The band shot the video for the “Longview” single in their basement apartment on Ashby Street. Video director Mark Kohr was a young prot訩 of filmmaker Tim Burton (Beetlejuice, Edward Scissorhands) and hired for the shoot. “I think the reason why they called me is because I lived up there and I did a whole bunch of videos for Primus, which they had liked,” Kohr says. “So I think that Green Day said, ’Well, get the Primus guy.’”
Kohr was familiar with the Ashby house, as it was on his way to his chiropractor’s office. During the first meeting with the band and their management, Kohr sat quietly and listened as the band brainstormed. “We’ll just do what we do in the apartment. Watch TV. Rehearse.” Budgetary constraints necessitated a performance video, but Kohr encouraged the band to get creative with their suggestions.
“[After that] Billie would say stuff like, ’Hey, you know, I was wondering if you could get a monkey to be sitting with me on the sofa,’ ” Kohr says. “And I said, ’Sure.’ And then there was stuff like, ’Mark, I was wondering if we could shoot like a guy, this friend of ours, as if he were masturbating.’ And I said, ’Sure.’ ” Kohr added mirrors to the walls and painted them bright blue and red. Designed to introduce Billie Joe, Mike, and Tre to the world, the video wisely relies on close-ups and emotions reflected in the song. “I listened to the lyrics and broke it down as I wrote scenarios,” Kohr says.

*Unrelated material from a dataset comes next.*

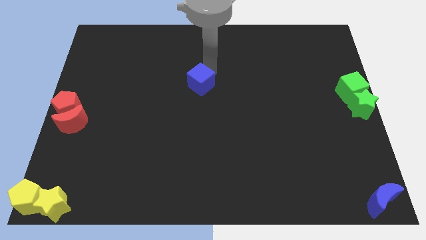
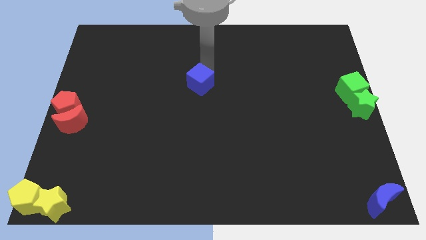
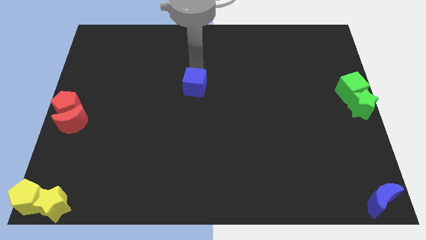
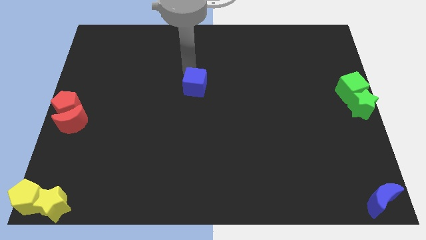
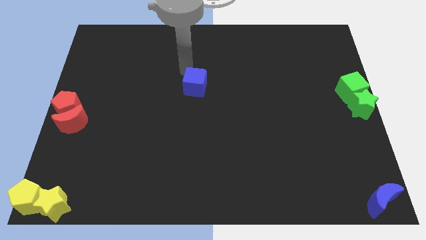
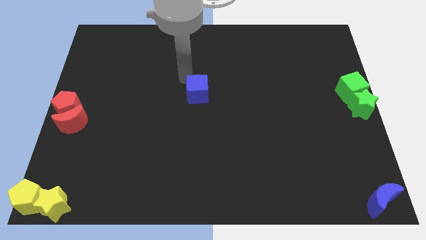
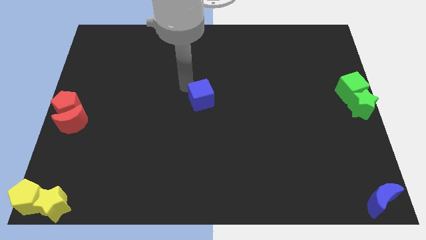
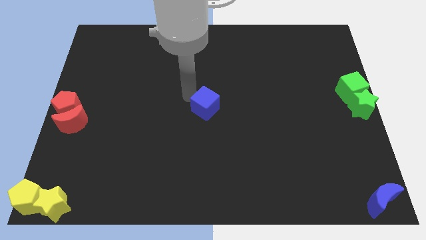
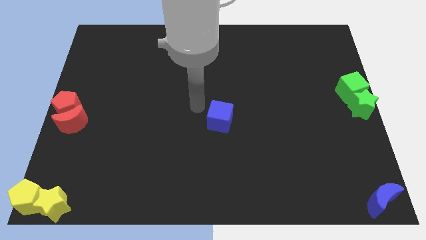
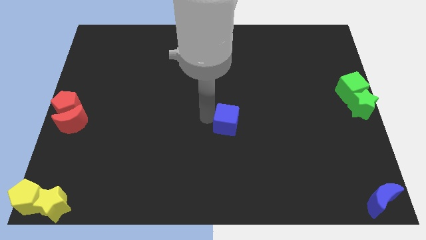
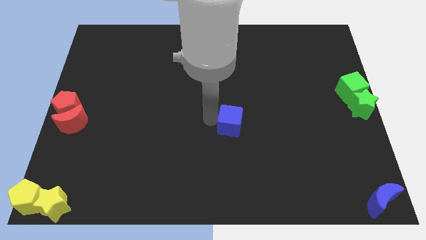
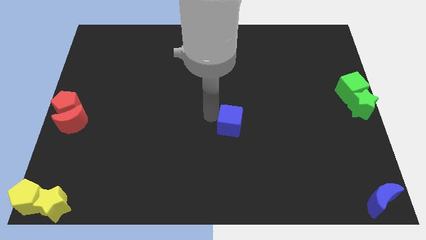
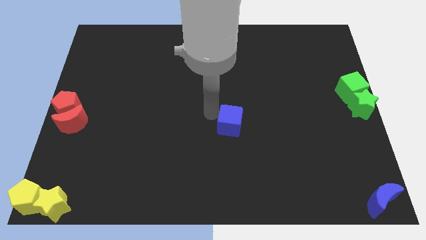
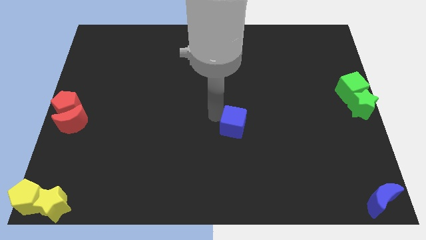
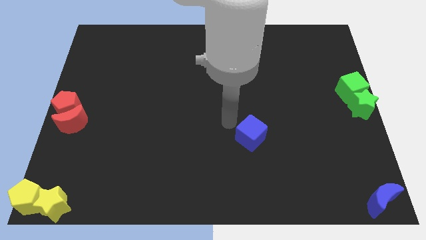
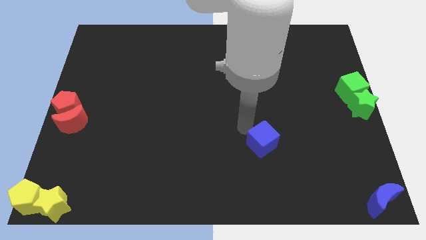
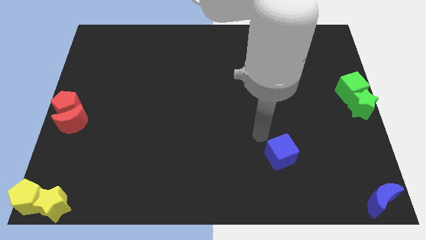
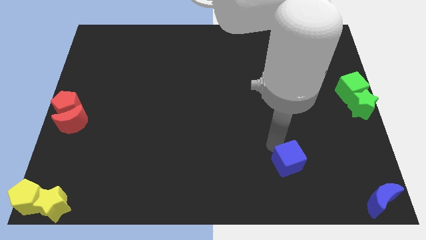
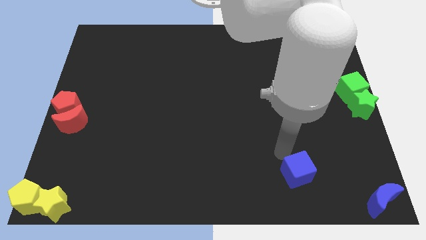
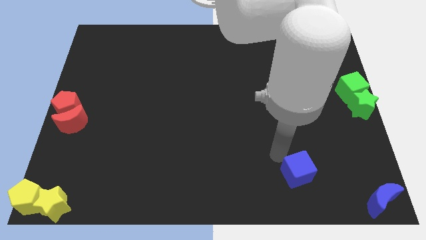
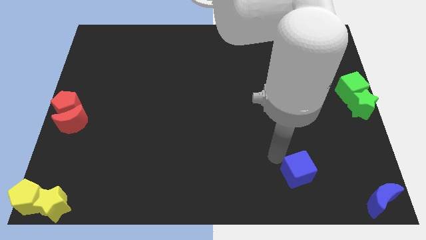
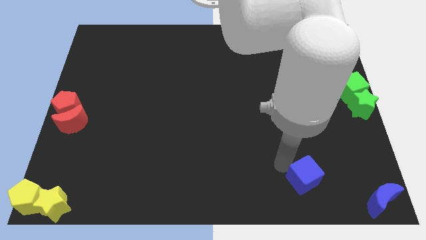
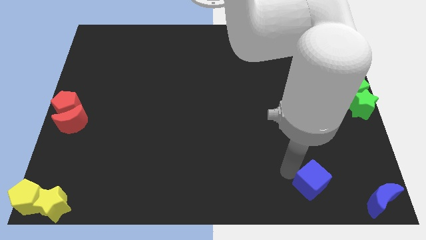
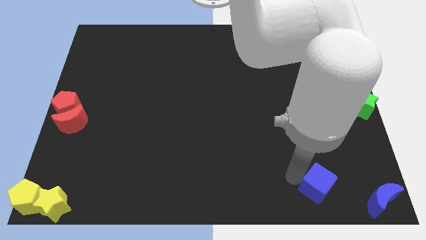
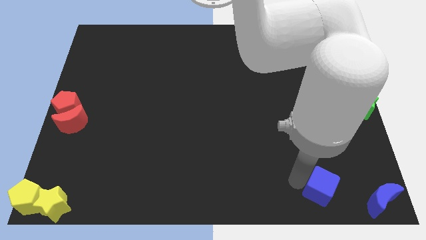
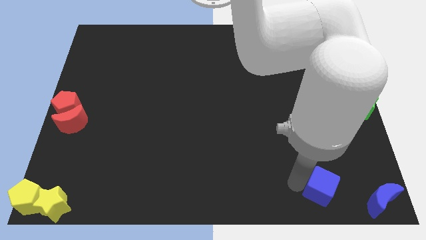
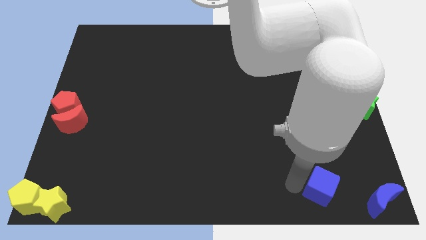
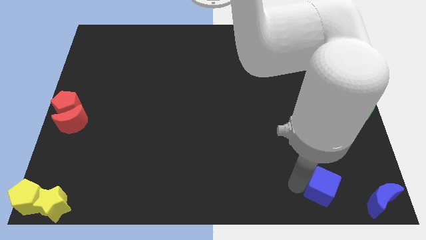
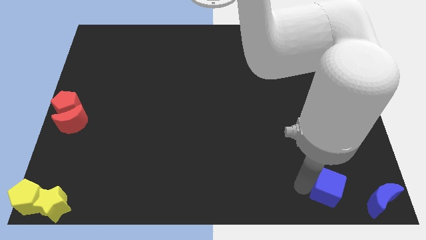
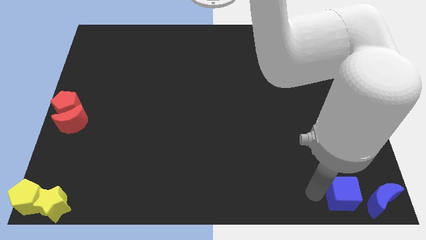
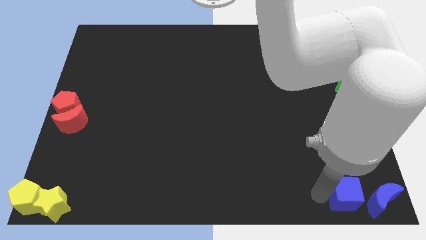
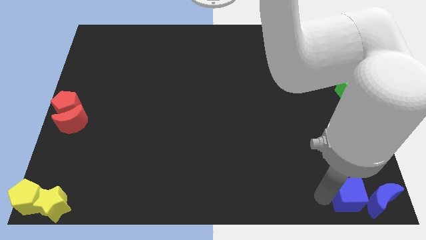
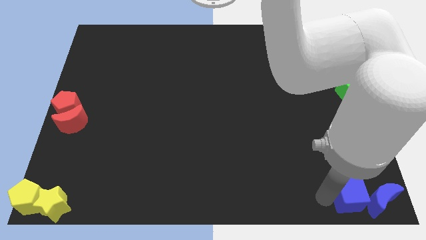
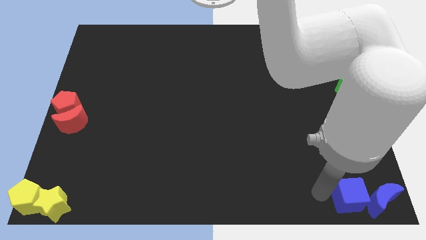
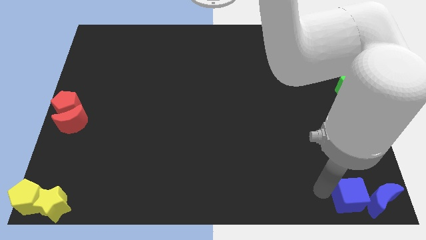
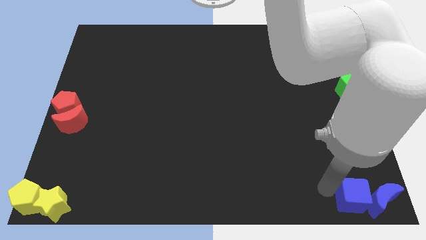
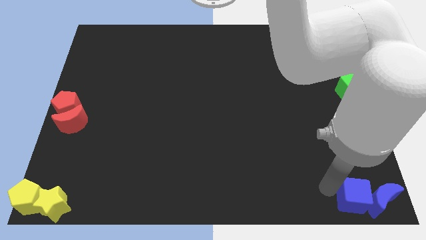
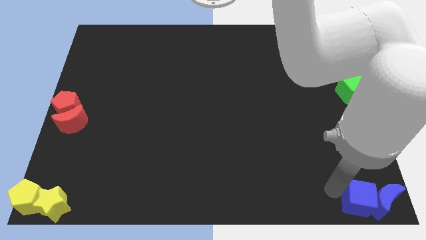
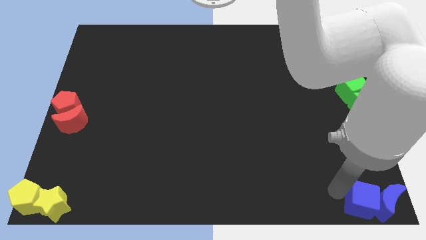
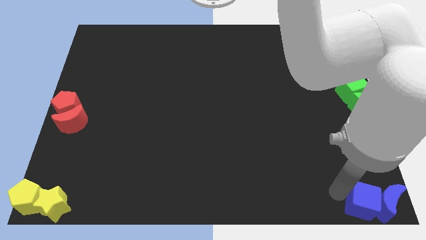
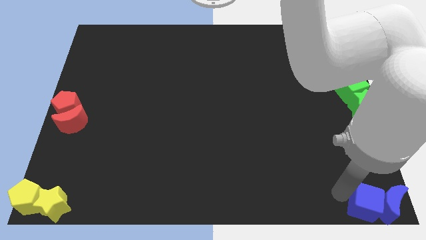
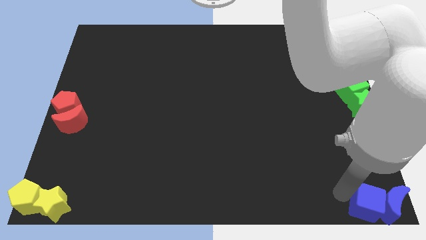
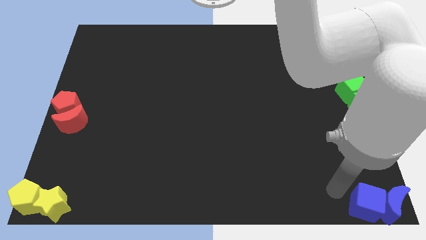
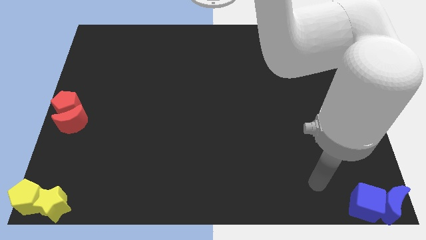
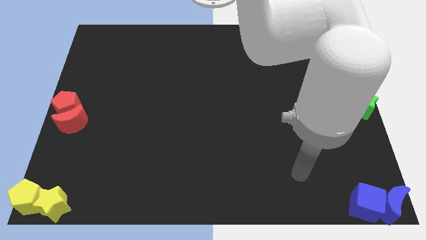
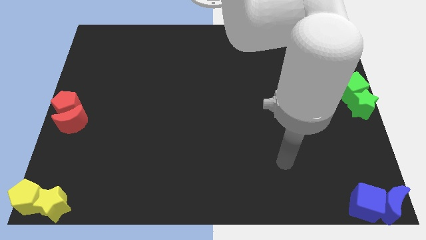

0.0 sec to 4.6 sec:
push the blue cubeblue crescent towards the bottom right corner of the board

The band’s clothes are their own, but Kohr did insist on a hair and makeup person. “I, of course, wanted them to look as real as possible,” he says, “but a big white pimple? I don’t know. Sometimes stuff like that needs to be dealt with, so it’s always good to have someone there.” A stunt couch was also necessary for the climax, in which Billie Joe leaps up and begins stabbing through the cushions. “They didn’t want to stab their own couch,” Kohr laughs.
The shoot lasted only two days, but by the end of it, the young director had perfectly captured the band as appealingly approachable—cute but intense young punk personalities. The day after the shoot, events beyond any director’s control or vision transpired that would, albeit indirectly, thrust Green Day even closer to modern rock’s center stage.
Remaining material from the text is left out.